Ройтер растерянно кивнул. Он все еще не мог понять, что происходит.
— Да он и не только в Мюрвике, — отозвался голос из другого конца комнаты. Ройтер не сразу обратил внимание на высокого полноватого мужчину в коричневом партийном френче без знаков различия. — Он и в Дармштадте, и в Берлине демонстрировал успехи. А математика, как известно, мозги приводит в порядок… Позвольте представиться — Ганс Рёстлер, ответственный от Партии в 1-й флотилии.
— И Куштман вас положительно характеризует. Он вас рекомендовал.
— Простите, рекомендовал для чего? — почти прошептал Ройтер.
— Мы считаем, что вы вполне готовы принять под командование U-Boot. — Эккерманн встал, прошелся по кабинету и с торжественной улыбкой застыл напротив Ройтера.
«Ого! Вот это да! То есть вместо наказания каплей[3] решил просто от меня избавиться…»
— В 21.00 произошел инцидент с «Атенией», а чуть раньше вы уничтожили английский сторожевик, — произнес Рёстлер.
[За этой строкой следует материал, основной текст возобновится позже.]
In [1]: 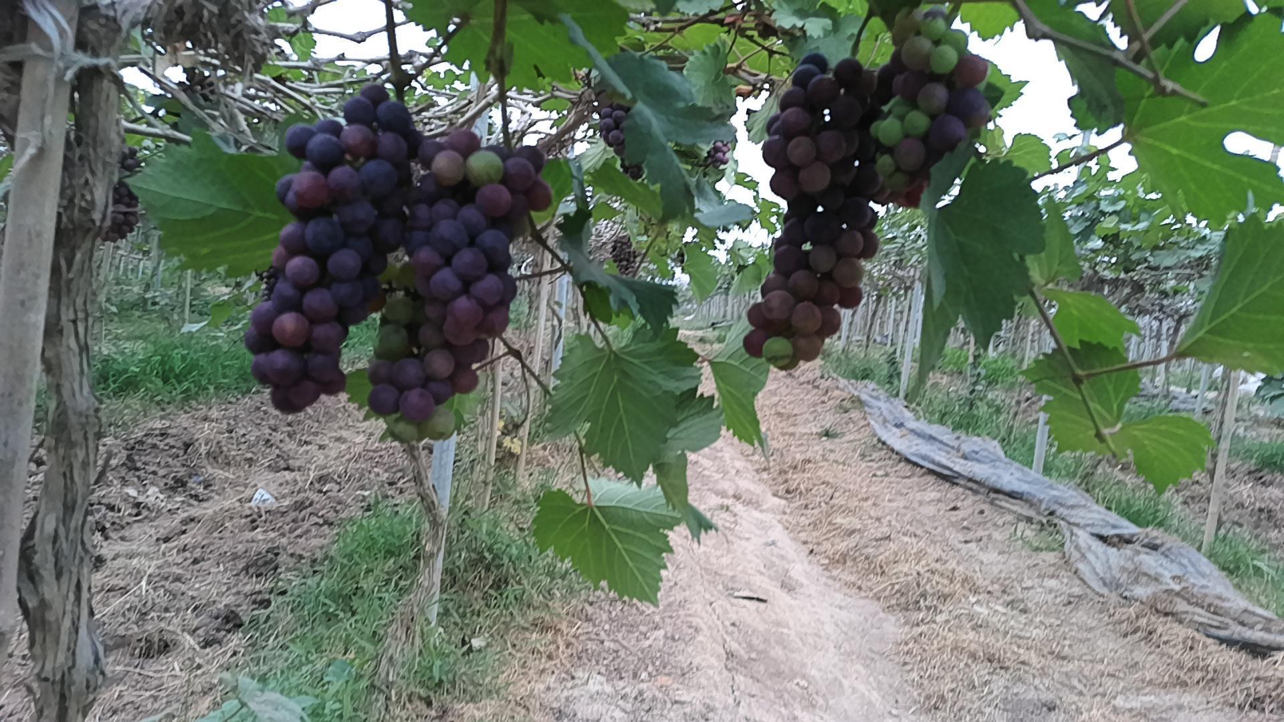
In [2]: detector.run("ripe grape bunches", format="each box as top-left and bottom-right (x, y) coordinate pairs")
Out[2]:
(706, 141), (730, 166)
(610, 234), (644, 276)
(244, 84), (420, 412)
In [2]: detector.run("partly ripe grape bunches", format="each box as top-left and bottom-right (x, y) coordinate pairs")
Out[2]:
(744, 53), (881, 370)
(368, 129), (552, 443)
(870, 5), (990, 207)

То есть вы с вашим командиром открыли счет побед германского флота в этой войне. Это символично. Вот, Хельмут Ройтер, такие, как вы, уничтожат гидру мировой плутократии…
Говорил он красиво и долго — ничуть не хуже Геббельса, а Ройтер все никак не мог понять, что за странный человек этот «ответственный от Партии», в каком он звании хотя бы?.. Вообще-то так вольно обращаться с формой мог еще только один человек в рейхе.[4] Но Рёстлер, очевидно, имел на то какие-никакие основания. Возможно, эти основания давал ему золотой партийный значок, который носили только заслуженные ветераны движения — «старые борцы», как их называли. Несомненно, этот Рёстлер не просто так «погулять вышел». И держится он в кабинете Эккерманна как хозяин. Да, есть в его манере разговаривать что-то от рейхсминистра. Кстати, Геббельс, вот, был вторым человеком, позволявшим себе такие же «отступления от формы». Рёстлер, получается, третий…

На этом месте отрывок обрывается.